Sunday dinner probably wasn’t sitting well in the stomachs of local fish farmers when they sat down to watch 60 Minutes.
You never know how these things will go when you’re under the microscope of an American “newsmagazine” program.
In a way it’s like taking a fresh salmon to a new friend’s home to be barbecued: Are they going to cook it to perfection on a cedar plank or will they skewer and burn it to an inedible crisp?
I’m thinking that after the 60 Minutes course was served, it wasn’t unpalatable, but I doubt the fish farmers were asking for second helpings.
They had every right to have that knot of nervousness before the program aired because fish farming is an important business to Campbell River and much of the North Island – and Americans are the biggest buyers of our farmed salmon.
If the CBS producers put a “positive spin” on finfish aquaculture, sales might go up, but if the industry is vilified, well, layoff notices may follow.
The segment seemed balanced enough, but I doubt that Americans really know, or care, too much about where their salmon is coming from. What they want is fresh fish when they go out to their favourite restaurants and our local salmon farms can provide that product year-round.
The industry has come a long way since I first started writing about fish farming in the late 1990s. Back then it was more a wild west show than the polished corporate structure of today.
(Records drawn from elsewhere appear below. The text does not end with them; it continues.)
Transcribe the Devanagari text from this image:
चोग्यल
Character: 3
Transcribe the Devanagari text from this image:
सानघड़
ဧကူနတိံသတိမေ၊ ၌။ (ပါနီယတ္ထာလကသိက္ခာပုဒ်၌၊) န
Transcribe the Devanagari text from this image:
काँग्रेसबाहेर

The majority of the changes have been for the better, but there will always be concern about siting fish farms along the migratory routes of wild salmon, the spread of disease – back and forth – and the possible proliferation of sea lice.
Fish farmers are rightly concerned about these things as well and have taken a variety of steps to mitigate negative effects. As well, the industry steps up like few others to address the criticisms launched in their direction.
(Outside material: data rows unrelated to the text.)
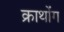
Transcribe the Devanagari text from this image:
क्राथोंग
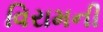
વિરામની
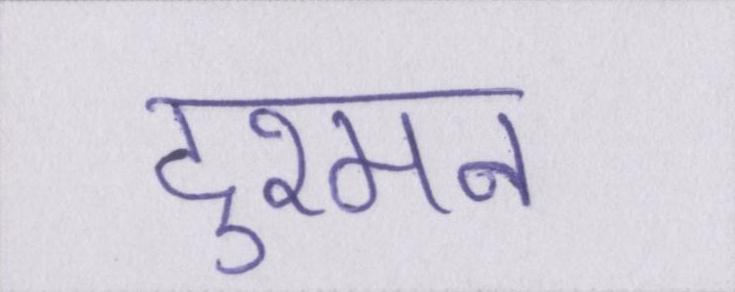
दुश्मन
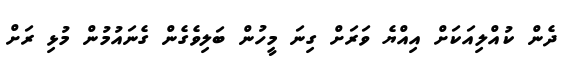
ދެން ކުއްލިއަކަށް އިއްޔެ ވަރަށް ގިނަ މީހުން ބަލިވެގެން ގެނައުމުން މުޅި ރަށް
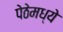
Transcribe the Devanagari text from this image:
पेठेमध्ये
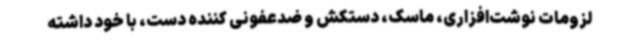
لزومات نوشت‌افزاری، ماسک، دستکش و ضدعفونی کننده دست، با خود داشته
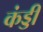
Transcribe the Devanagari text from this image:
कंड्डी
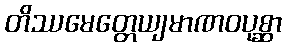
တိဿမေတ္တေယျမာဏဝပုစ္ဆာ

I’m not an advocate or critic of salmon farming, but one falsehood that keeps coming up is galling – the assertion that escaped farmed salmon are living in many island rivers and streams.
The latest so-called study, “Occupancy dynamics of escaped farmed Atlantic salmon in Canadian Pacific coastal salmon streams: implications for sustained invasions,” suggests that fish farmers underestimate the number of escapees and these rogue salmon are living in local streams for multiple years.
I say B.S.
I didn’t pay $39.95 to read the entire report, but the abstract makes it clear the data used for the study is far from reliable or accurate. It’s guesswork at best and it ignores the best evidence that Atlantic salmon don’t survive out here.
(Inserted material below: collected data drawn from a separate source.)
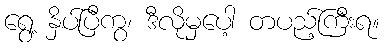
ရွေ့ နှိပ်ပြီကွ၊ ဒီလိုမှပေါ့ တပည့်ကြီးရ။
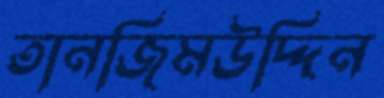
তানজিমউদ্দিন
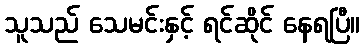
သူသည် သေမင်းနှင့် ရင်ဆိုင် နေရပြီ။

In the early part of the 20th century millions of Atlantic salmon were introduced into many B.C. rivers in the hope of creating another viable wild salmon fishery. It never happened.
Let me repeat: Never happened.
If the researchers want to take another approach, they should visit my old stomping grounds along the Credit River in Mississauga. There, they’re trying to reintroduce native Atlantic salmon. It’s a real struggle because this species competes against introduced Pacific chinook and coho which thrive. Go figure.